The Wheelhouse: When Auction Plans Go Wrong

The Wheelhouse: When Auction Plans Go Wrong

This article is part of our The Wheelhouse series.

"Everyone has a plan until they get punched in the face."

Mike Tyson said it first, but it's become a mantra of fantasy industry folks explaining how plans can quickly change while building a roster in an auction setting if the room is significantly more aggressive than your projected values.

In many auctions I've been a part of, buying players early has paid off in the form of small discounts.
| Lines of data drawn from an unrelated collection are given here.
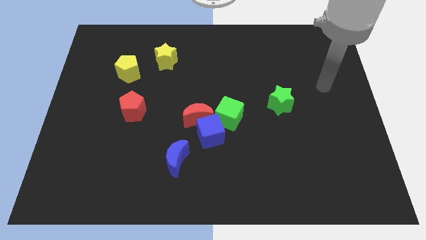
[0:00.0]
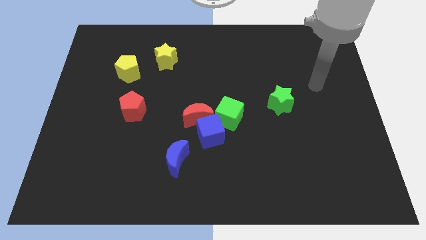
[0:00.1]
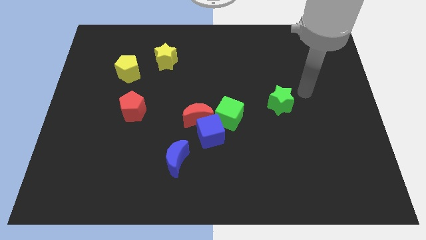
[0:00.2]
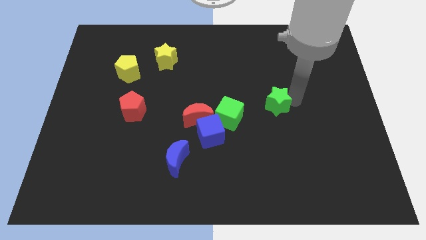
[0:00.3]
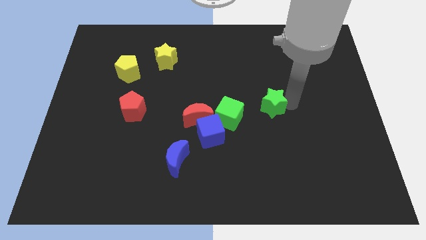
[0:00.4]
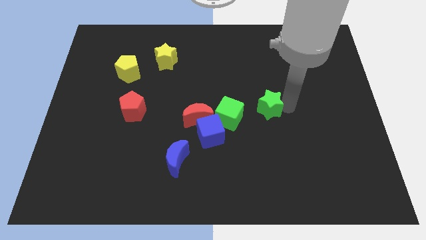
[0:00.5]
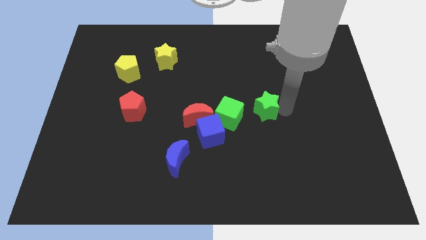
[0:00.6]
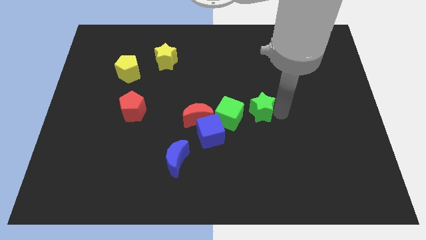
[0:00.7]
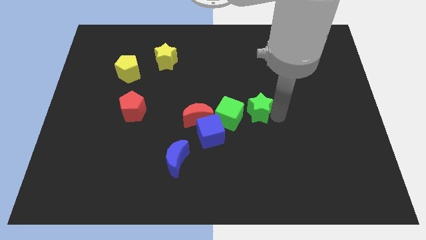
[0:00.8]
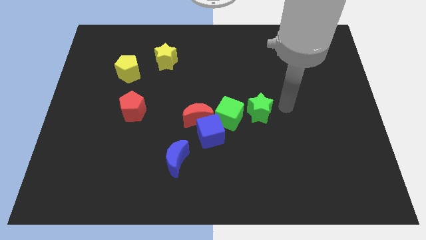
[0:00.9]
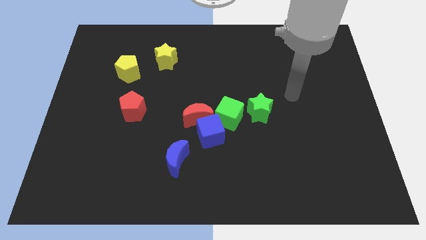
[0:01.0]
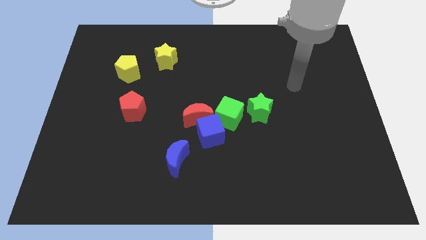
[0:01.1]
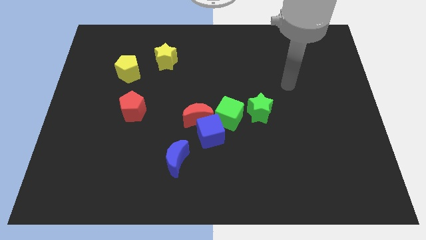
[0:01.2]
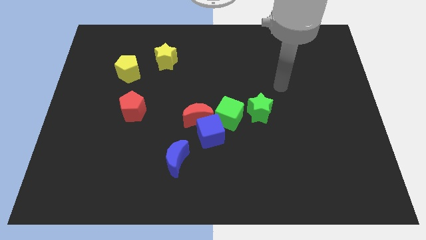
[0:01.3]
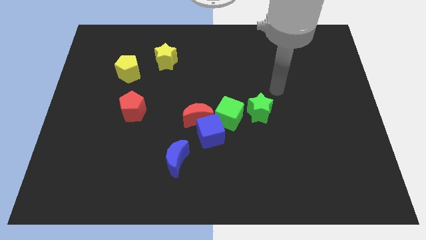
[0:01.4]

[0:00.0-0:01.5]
place green star to the right side of the green cube

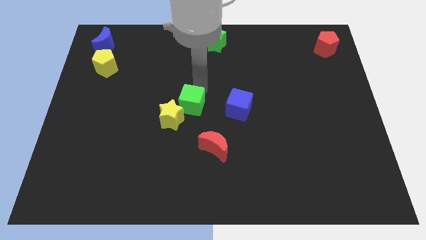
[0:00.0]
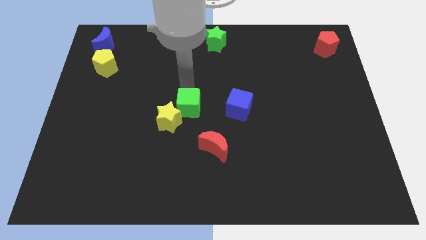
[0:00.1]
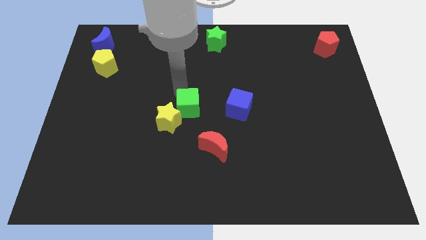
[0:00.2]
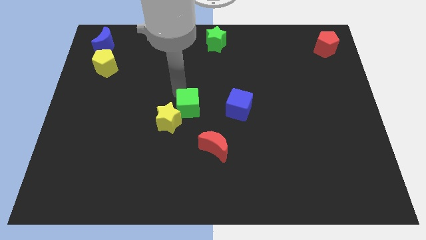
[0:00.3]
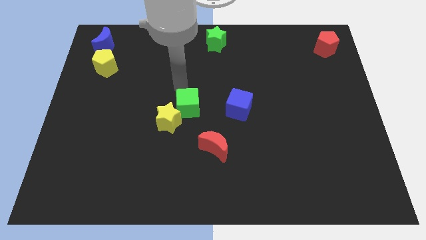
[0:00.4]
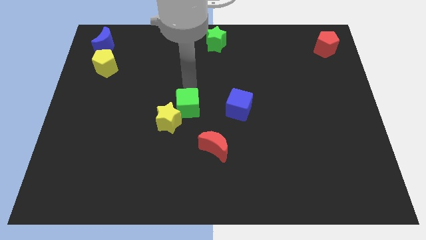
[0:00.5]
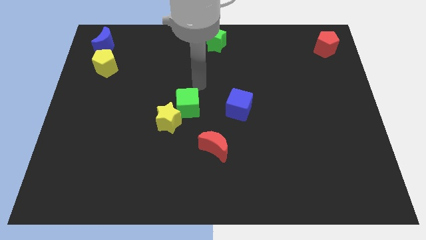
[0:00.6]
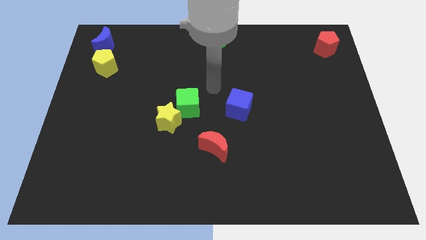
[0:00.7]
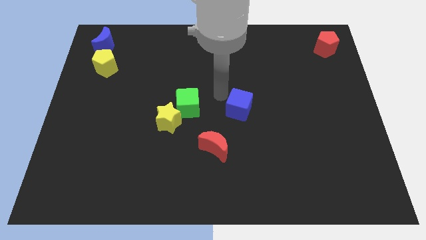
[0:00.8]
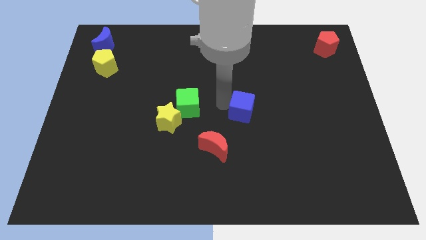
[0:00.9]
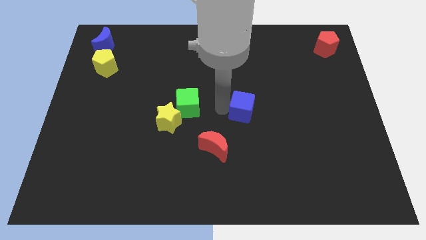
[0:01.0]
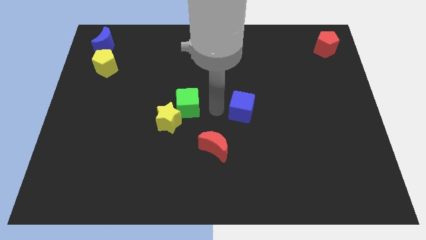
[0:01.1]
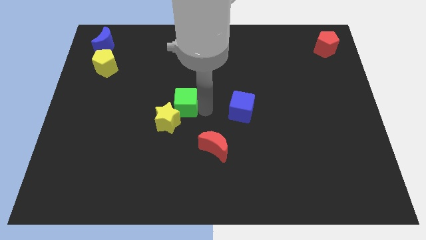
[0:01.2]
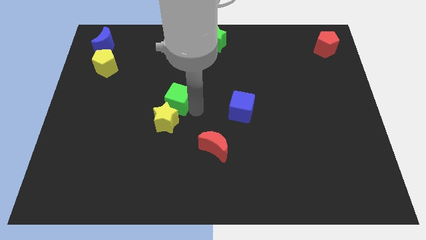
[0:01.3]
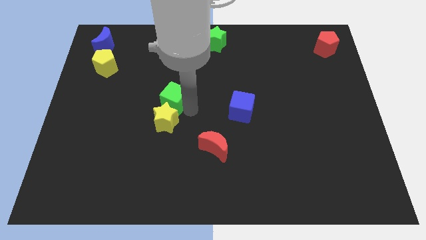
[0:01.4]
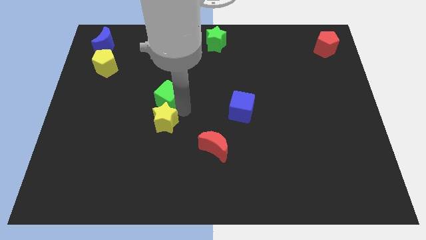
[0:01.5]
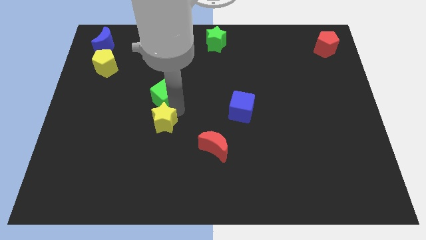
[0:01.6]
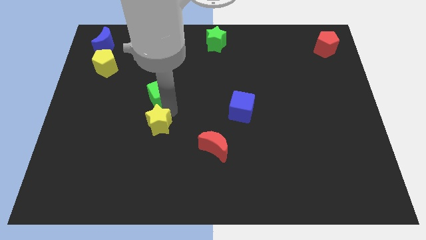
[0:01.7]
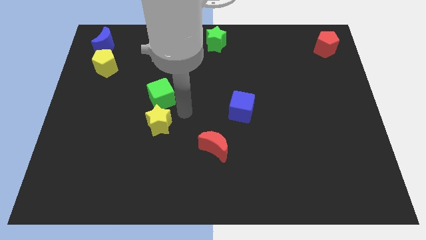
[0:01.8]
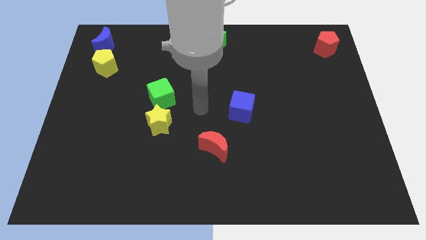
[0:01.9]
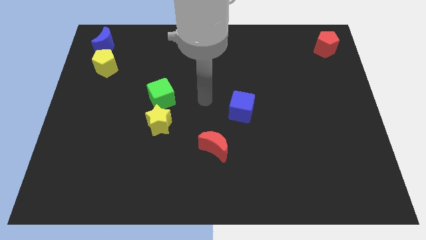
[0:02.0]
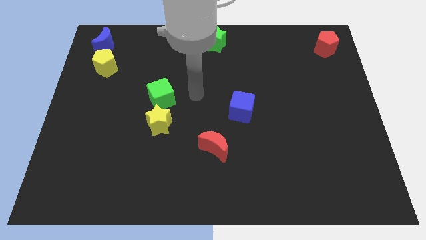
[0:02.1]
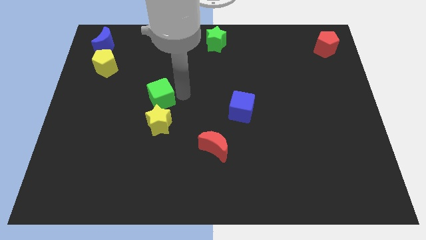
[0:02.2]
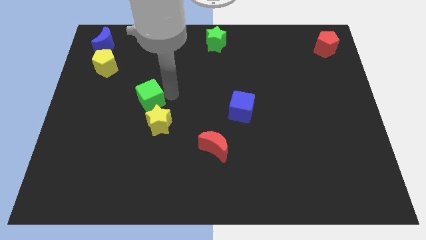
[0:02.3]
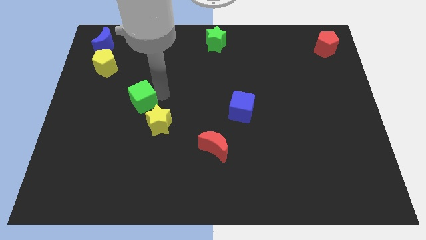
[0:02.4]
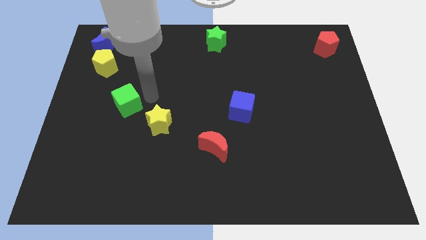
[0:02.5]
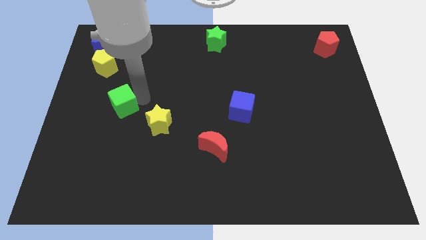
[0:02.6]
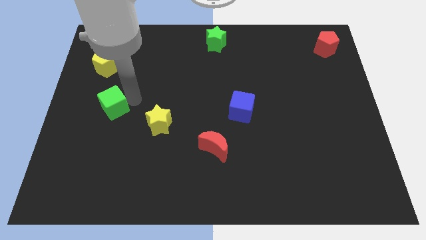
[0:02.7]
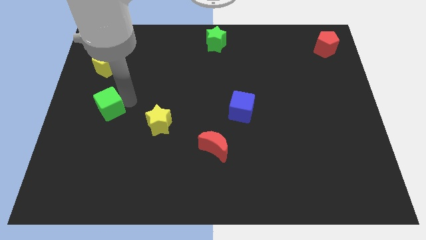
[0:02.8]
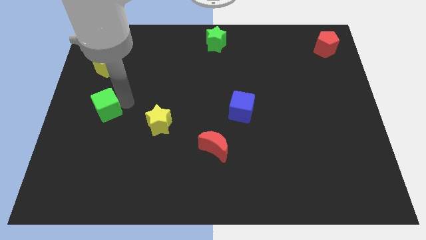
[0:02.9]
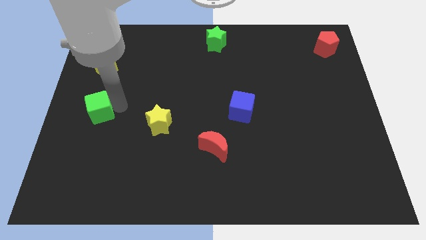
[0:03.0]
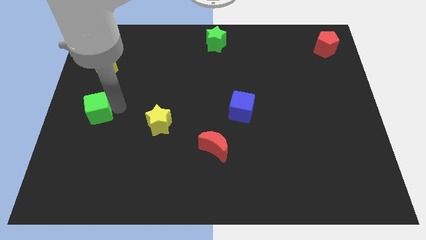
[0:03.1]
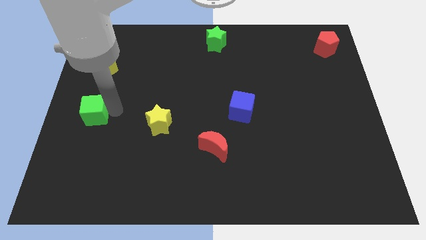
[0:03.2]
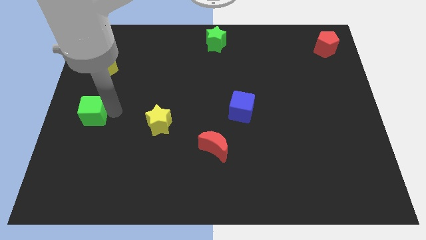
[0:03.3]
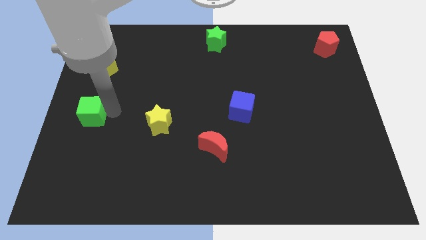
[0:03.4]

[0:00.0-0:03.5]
separate green cube from yellow star

The limitless combination of players available often makes owners more conservative with their spending until the market foundation is established.

Defending Tout Wars Mixed Auction champion Zach Steinhorn started Saturday's proceedings by nominating Jose Altuve, and subsequently winning him at $42. Because the league uses OBP, that price seemed fair, and even $2-3 above my expectation. My immediate thought was that the other top hitters in the pool -- Mike Trout, Mookie Betts, Nolan Arenado, Kris Bryant, Paul Goldschmidt -- would be priced off of that number, and perhaps even more after one of Trout or Clayton Kershaw was sold. This has been the pattern in typical years, anyway.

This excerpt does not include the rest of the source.